The control plane is getting personal
The May 30 edition argued that agent control settings are becoming session state. Today's evidence moves that argument one layer deeper. The settings are not only becoming state; they are becoming identity-bearing state.
Hermes profiles decide which live backend and session database a desktop is using. Hermes secondary sockets keep background profile work alive. OpenClaw stores auth profiles in a database that the runtime can audit and repair. Hermes turns provider keys and messaging credentials into dedicated operator surfaces. Codex opens reasoning controls to model-advertised values.

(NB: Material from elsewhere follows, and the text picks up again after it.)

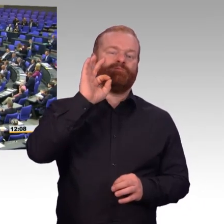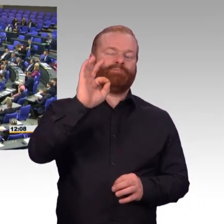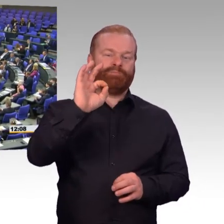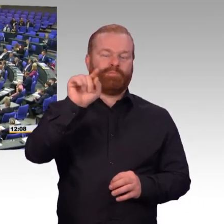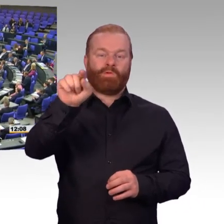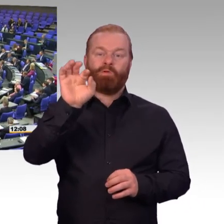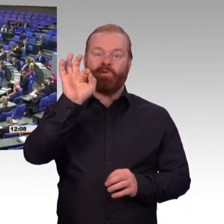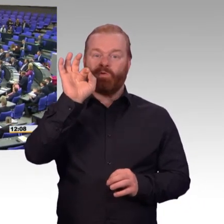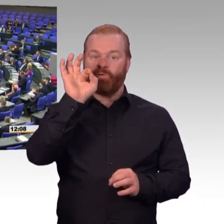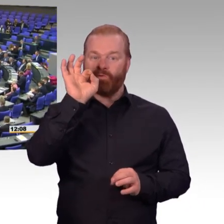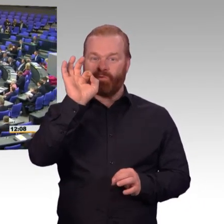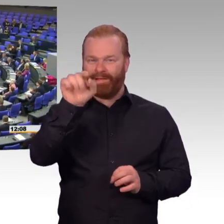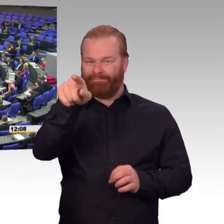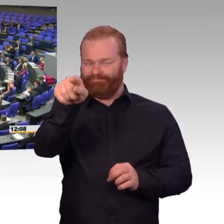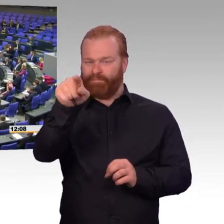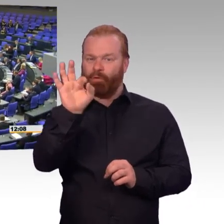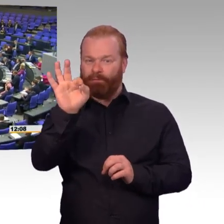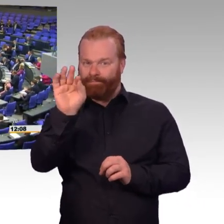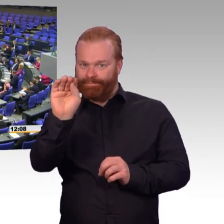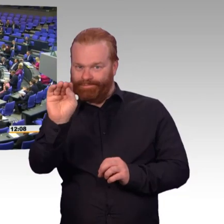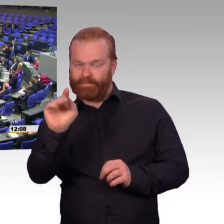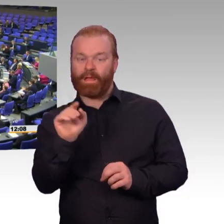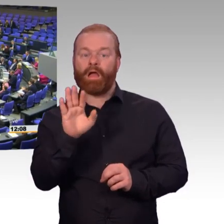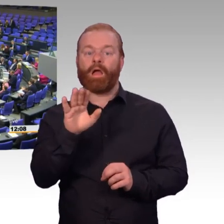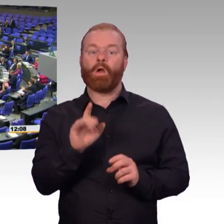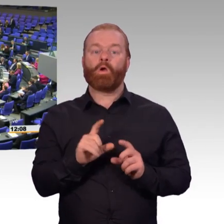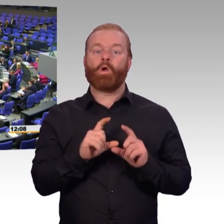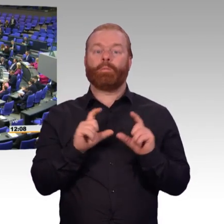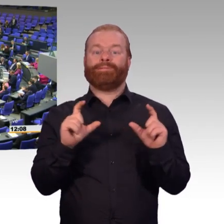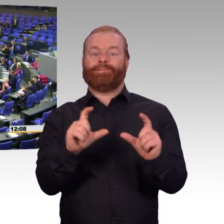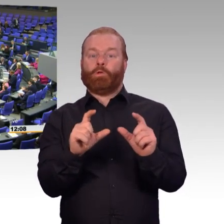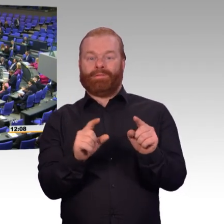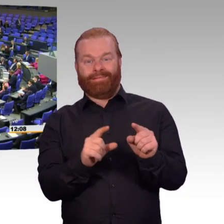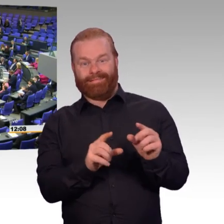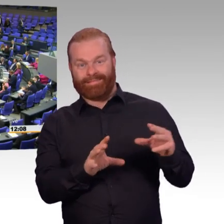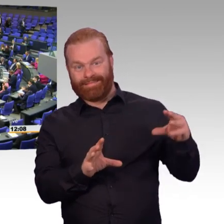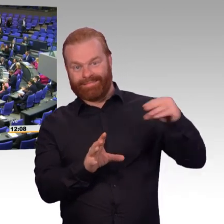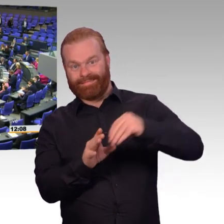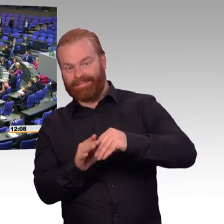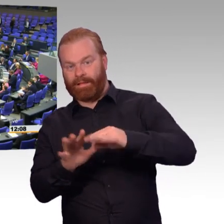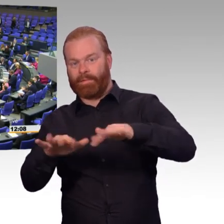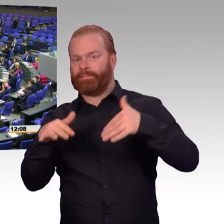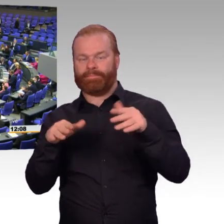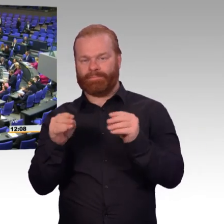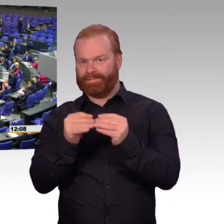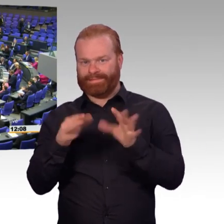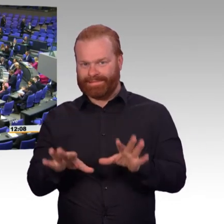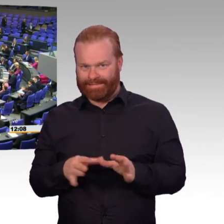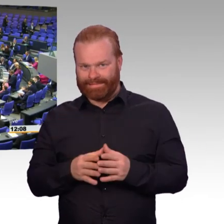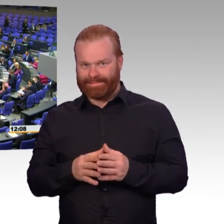wenn Sie in diesem Ton mit Ihren Untergebenen reden, seien Sie vorsichtig wegen der Attraktivität der Bundeswehr. (Beifall)

This does not prove a common agent identity standard, and it does not prove every agent app needs the same profile model. It does show the shape of the next infrastructure argument. As agents take more delegated actions across more tools, surfaces, models, and accounts, "the user selected a setting" becomes too weak. The runtime needs to know which identity context is in force, which work belongs to it, which credentials it may touch, and which controls are safe to change while the agent is still moving.